The Irish Society for the Prevention of Cruelty to Children (ISPCC) have again called for children to be allowed to access child support and child protection services without their parents consent.

Speaking yesterday at a meeting of the Joint Oireachtas Committee on Health and Children, Caroline O’Sullivan, the ISPCC’s Director of Services, said that presently child support and child protection services were restricted to “operating within a model requiring adult consent before a child can utilise such services”.

“If services are to effectively help and protect children and young people, then those children and young people need to be able to use the services without adult consent. A child who has been abused by their parent or guardian is unlikely to seek (or get) consent from the person who is causing the abuse,” Ms O’Sullivan went on.

Also addressing the Committee, the Chief Executive of the ISPCC , Ashley Balbirnie, said that a recent report on the tragic killing of a family in Wexford showed the need for “legislative and constitutional change”.

This included the need for a referendum “to insert children’s rights into our Constitution,” Ms Balbirnie said.

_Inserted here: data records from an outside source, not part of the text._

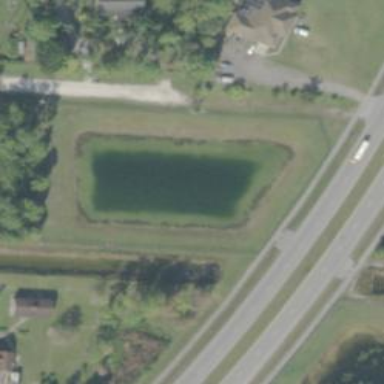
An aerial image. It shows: Serene pond surrounded by nature.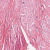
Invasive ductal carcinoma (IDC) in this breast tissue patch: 0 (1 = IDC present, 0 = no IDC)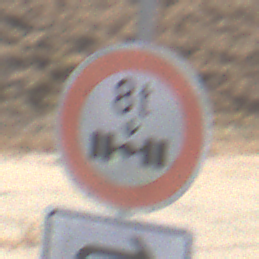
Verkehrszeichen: TatsaechlicheAchslast
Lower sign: RichtungsangabeDurchPfeile5
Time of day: Midday
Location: Outdoor (RoadRail)
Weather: Clear
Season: Summer
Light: Natural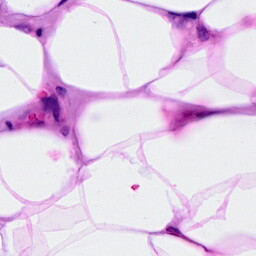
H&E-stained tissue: Breast
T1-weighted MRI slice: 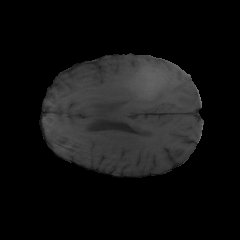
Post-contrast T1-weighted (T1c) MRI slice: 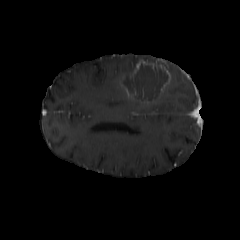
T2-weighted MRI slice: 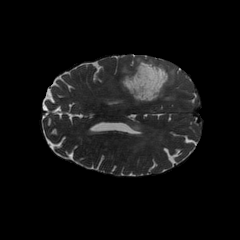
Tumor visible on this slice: yes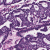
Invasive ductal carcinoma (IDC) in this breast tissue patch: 1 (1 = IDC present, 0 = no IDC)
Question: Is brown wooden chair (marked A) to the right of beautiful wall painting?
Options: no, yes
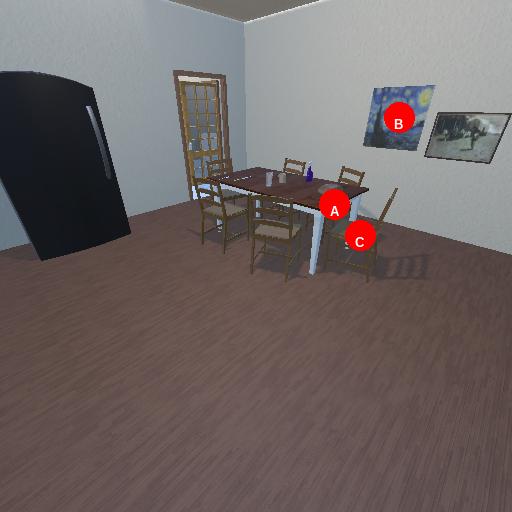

The Monageer report followed on from the deaths of the Dunne family. A 29 year old man, Aidan Dunne, killed his wife and two children before committing suicide. The report urged the Government to establish an “out of hours” child protection and welfare service as a matter of absolute priority’.

Various children’s groups have called for a referendum to change the Constitution’s strong protection for the family based on marriage. They sayit must be made easier for the State to intervene in families where there is abuse. However, the Constitution already allows the State to intervene which there parents abuse or badly neglect their child. Five thousand children are currently in the care system.

However, two legal experts have voiced unease at a proposed Government wording, published in 2007, which would have weakened the Constitution’s protection of the family.

Professors Gerry Whyte and William Binchy, both of Trinity, have said that a weakening of the Constitution’s family protection may make it too easy for the State to remove children from the care of their parents, especially parents from marginalised backgrounds.